Because PTSD is fundamentally a brain disorder, identifying epigenetic modifications that result in differential gene expression in brain regions known to be dysfunctional in PTSD patients has a high priority.

However, because brain tissue from living people cannot be assayed, brain-focused studies to identify differentially expressed genes are generally conducted in animal models. The committee identified human studies that are investigating whether epigenetic and expression differences observed in peripheral tissues are associated with PTSD. The genomics of PTSD is in its infancy compared with the genomics of other common psychiatric disorders such as schizophrenia Koenen et al.

There is a great deal of knowledge to be gained in this field, but whether it will translate into innovative interventions to prevent or ameliorate PTSD is unknown. The most promising research for translation appears to be prospective human studies that integrate multiple levels of biological data.

The best method for such studies begins with identifying people before exposure, but studies of people in the acute aftermath of a traumatic event are also likely to produce important translational results. The translational impact of PTSD genomics could be improved by integrating genome-wide data for example, genotype, epigenetic, and gene expression into treatment studies of PTSD, as has been done with functional magnetic resonance imaging research. Such studies may provide information on genomic profiles of people who do and do not respond to treatment and information on genomic correlates for example, gene expression changes of symptom remission.

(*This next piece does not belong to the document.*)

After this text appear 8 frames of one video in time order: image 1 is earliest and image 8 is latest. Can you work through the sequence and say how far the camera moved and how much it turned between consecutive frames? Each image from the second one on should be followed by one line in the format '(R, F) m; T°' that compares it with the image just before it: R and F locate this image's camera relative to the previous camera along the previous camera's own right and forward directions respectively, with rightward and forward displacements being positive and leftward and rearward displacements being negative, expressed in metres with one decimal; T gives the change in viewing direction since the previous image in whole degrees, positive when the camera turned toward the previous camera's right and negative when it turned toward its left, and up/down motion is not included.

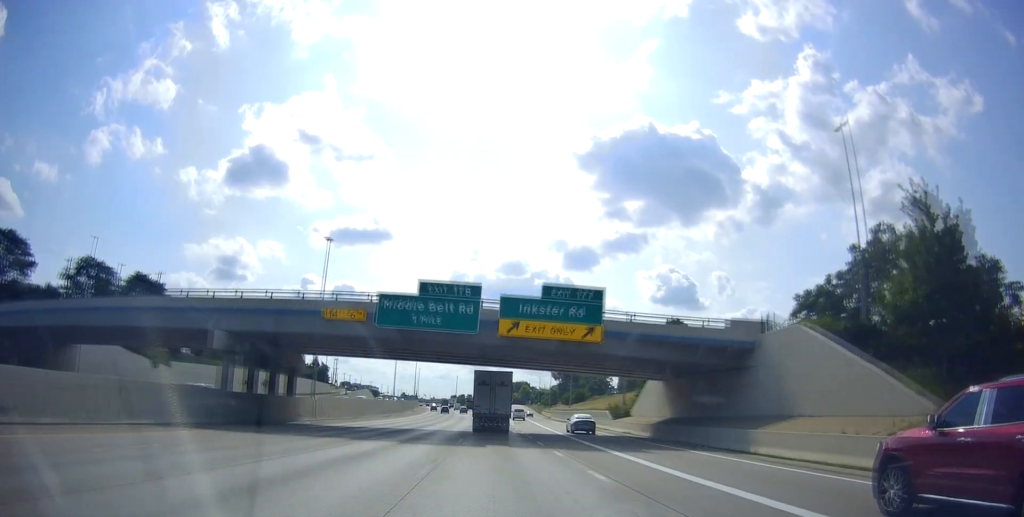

A major concern about genomic research on PTSD is the narrow focus on candidate genes—whether for genotype, epigenetic, or gene expression studies—in light of the discrediting of this approach for other psychiatric disorders, such as schizophrenia and bipolar disorder Pitman et al. A further concern is the relatively small number of human studies due to current funding constraints. PTSD genomics would benefit from the formation of a PTSD working group in the Psychiatric Genomics Consortium aimed at sharing genotype, epigenetic, and gene expression data among human studies Koenen et al.

Large consortia have produced robust genomic discoveries related to other psychiatric disorders, such as schizophrenia Sullivan et al. The major barriers to such a consortium are VA and DoD restrictions on the sharing of genomic data.

For example, unlike NIH, which effectively requires data sharing, VA does not allow sharing of individual-level genotype data from genome-wide association studies. Such barriers to data sharing have in effect excluded VA investigators from the large consortia that are necessary for genomic research.

Addressing such barriers would help ensure progress in PTSD genomics research. Unlike other psychiatric disorders, PTSD results from a known event, and this allows for immediate intervention and possibly even the prevention of pathological symptoms.

It remains unclear why some people are resilient to trauma whereas others develop PTSD. Clarifying the reasons for this difference might improve strategies for enhancing resilience and preventing the development of PTSD.

Logistically, this research is challenging to conduct in humans, as it requires recruiting people into studies immediately after a traumatic event and following them longitudinally.